CPU times: user 289 ms, sys: 9.64 ms, total: 298 ms
Wall time: 296 ms


> Now find the “Top 5” largest feature values for each of the features and note which data instances they belong to. For example, if the largest value for feature F1 is at index 2, then that would correspond to Instance 3. Fill out the table below by listing the instance numbers in sorted ascending order.

In [30]:
# 1. Given an array of values, map to (index, value).
# 2. Sort in descending order, so that the first item is the maximum value.
# 3. Discover the instance from the indices in the top 5 positions.
def sort_instances(series):
    # Enumerate instances.    
    instances = [ (index, value) for (index, value) in enumerate(series) ]
    # Sort in descending order and return.
    instances.sort(key=lambda x: x[1], reverse=True)
    return instances

In [31]:
# Repeat for each feature.
def sort_features(df):
    # Sort dictionary data per feature and return.
    return {
        key: sort_instances(values)
        for key, values
        in df.items()
    }

In [32]:
# Get the top 5 instances.
def find_top_series(series, n = 5):
    return sort_instances(series)[:n]

In [33]:
# Get the top 5 instances from each feature.
def find_top_instances(df, n = 5):
    for key, values in df.items():
        top_values = find_top_series(values, n=n)
        top_instances = [ f"[{instance}]={value:.2f}" for instance, value in top_values ]
        title = get_title(key)
        print(f"Top instances for {title} ({key}): {', '.join(top_instances)}")

In [34]:
# Get the top 5 for each feature.
find_top_instances(df_analysis, n = 5)

Top instances for Peak Linear Acceleration (PLA): [19]=151.71, [8]=131.70, [10]=130.73, [18]=127.11, [7]=110.94
Top instances for Average Rotational Velocity (ARV): [7]=23.40, [59]=21.51, [13]=21.36, [24]=20.68, [8]=20.29
Top instances for Peak Rotational Acceleration (PRA): [8]=44.54, [18]=30.29, [7]=27.93, [10]=25.11, [19]=23.07


> Two of the features should have the exact same instance numbers in the table above, which means that these are the five “different” data instances.

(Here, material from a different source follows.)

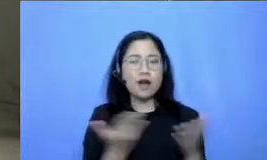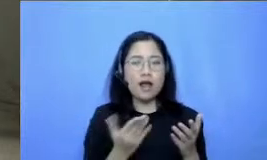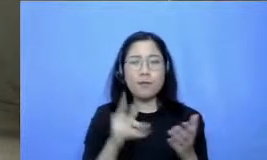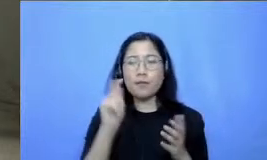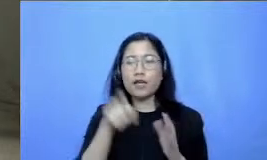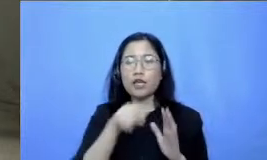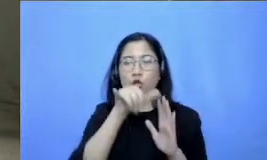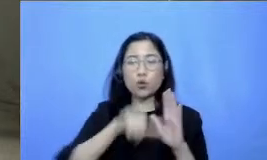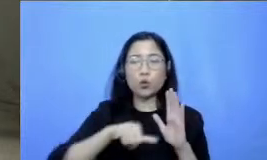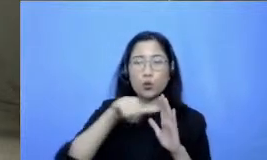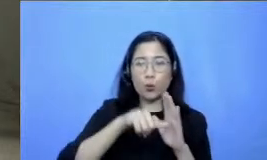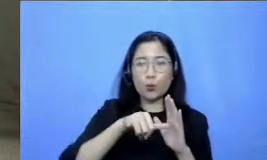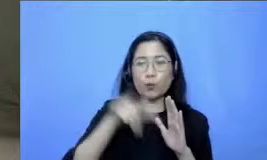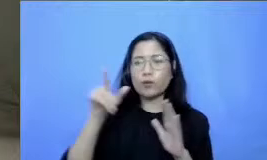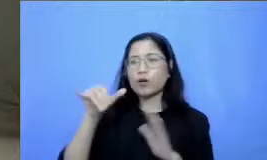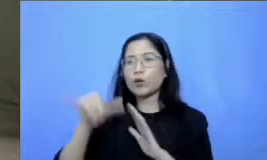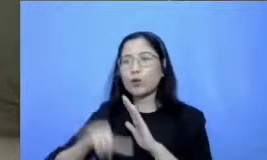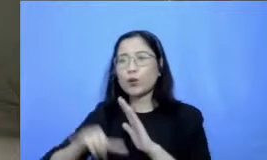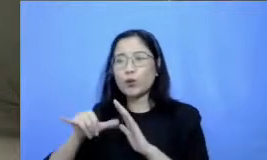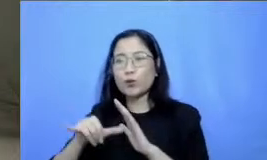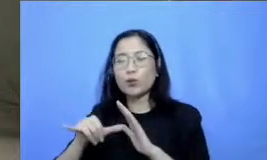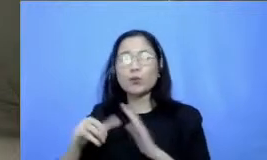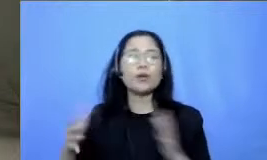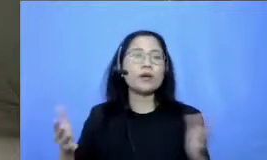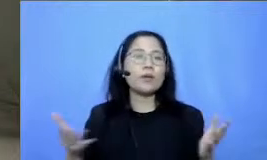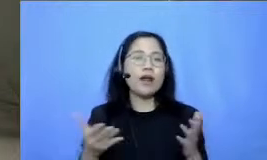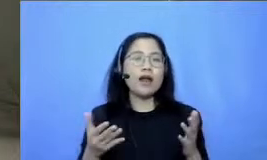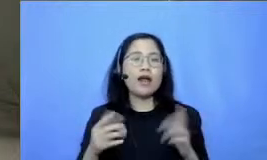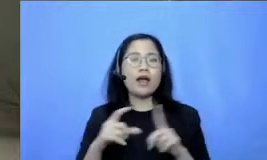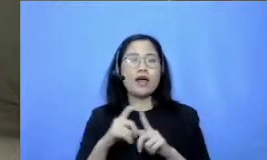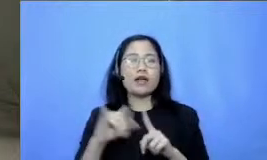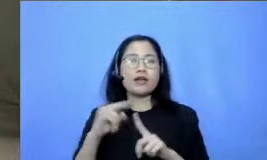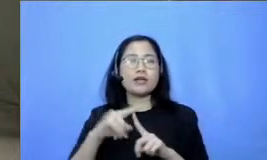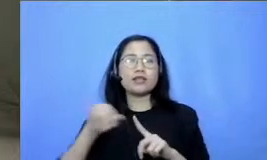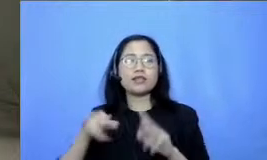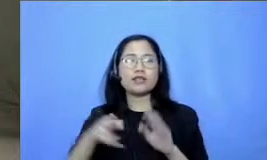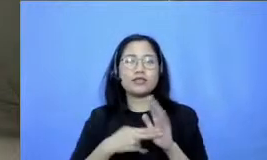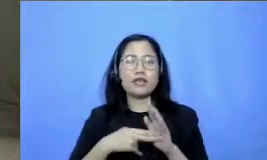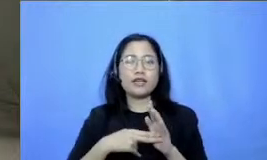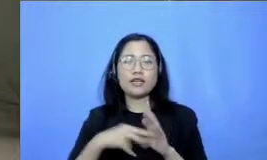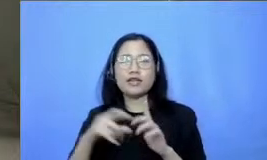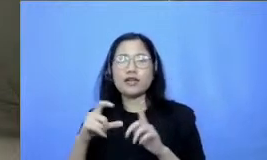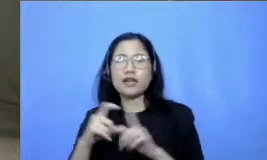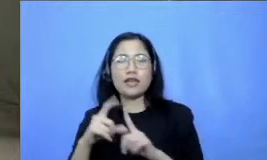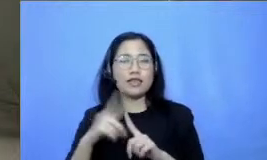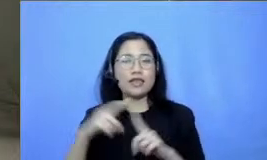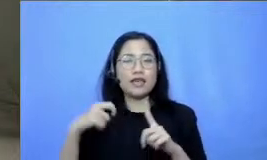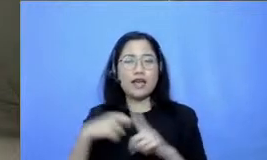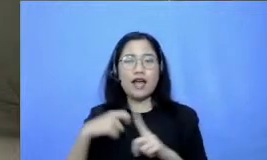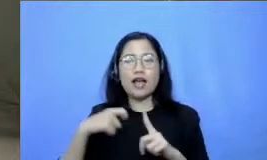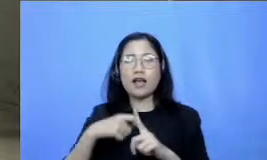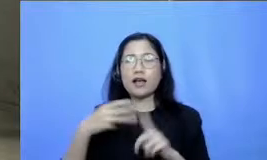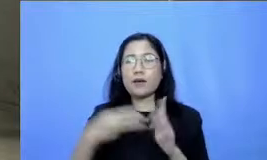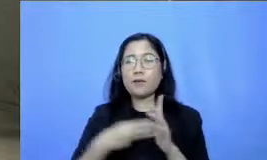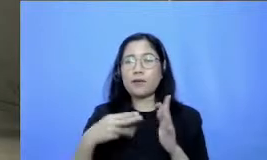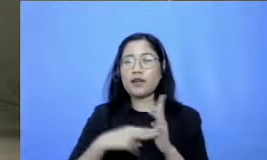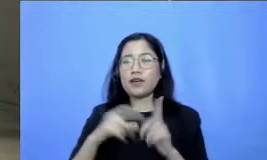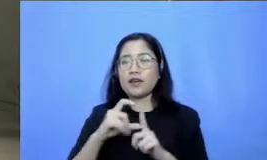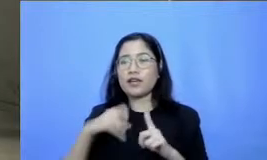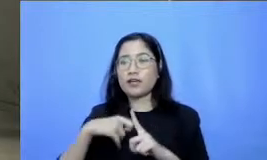YouTubenya ini adalah dia Ditjen gtk Kemendikbud RI jadi sejuta dia melihat ada Bapak dan Ibu yang

Based on what you learned from our discussion of visual separability in class, think about how the fact that two features have the same five “different” data instances manifests itself in the scatter plot for those two features, as compared with the other two feature scatter plots.

The two 'different' features are likely correlated with one another. While it may not prove a causual relationship, the implications of association can mean a lot depending on the context of the analysis.